Sure, the difference is in that while the external coprocessor runs, the main can continue to execute code which is not dependent on the result. But this is often tricky to utilize - for example, as seen from above disasm, my code is densely packed float, and I don't quite know how would I intersperse unrelated code in other way than writing asm manually in the most tedious way.

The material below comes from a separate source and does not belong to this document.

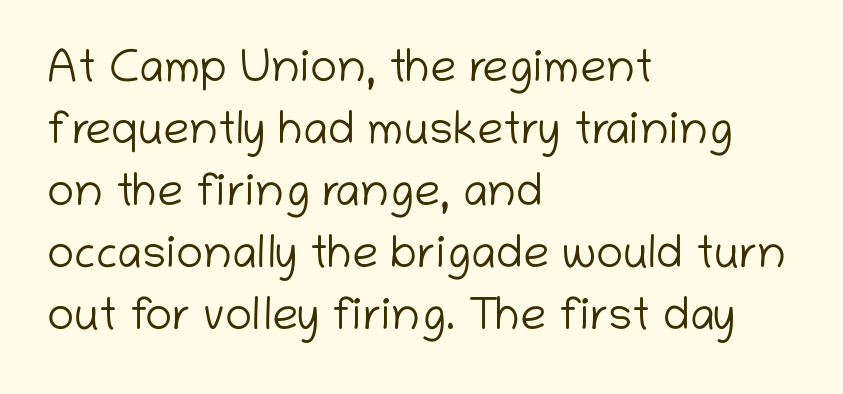
{"serif": "no", "italic": "no", "bold": "no", "weight": "light", "width": "normal", "stroke_contrast": "low", "x_height": "medium", "monospaced": "no", "underline": "no", "align": "left", "line_spacing": "normal", "line_spacing_ratio": 1.35, "letter_spacing": "normal", "letter_spacing_em": 0.0, "glyph_px": 46}

So, yeah, maybe it would be relatively cheap to add microcode capability to the Cortex-M FPU (maybe even RAM-based) and it would be surely a cool addition, maybe worth it, even if hard to use practically (but then there are already examples for that, e.g. the SIMD instructions).
OTOH, I'm quite certain ARM and ST are not interested in real-world applications anymore, surfing on that IoT/security nonsense wave.
JW
2021-10-10 01:31 PM
The IoT itself is real - the network printers, storage, cameras, payment terminals etc. It's the the marketing "experts", who cannot imagine anything more than a "very important" wireless sensor with LTE modem sending data to the cloud and processed by AI... to switch a room lighting on/off.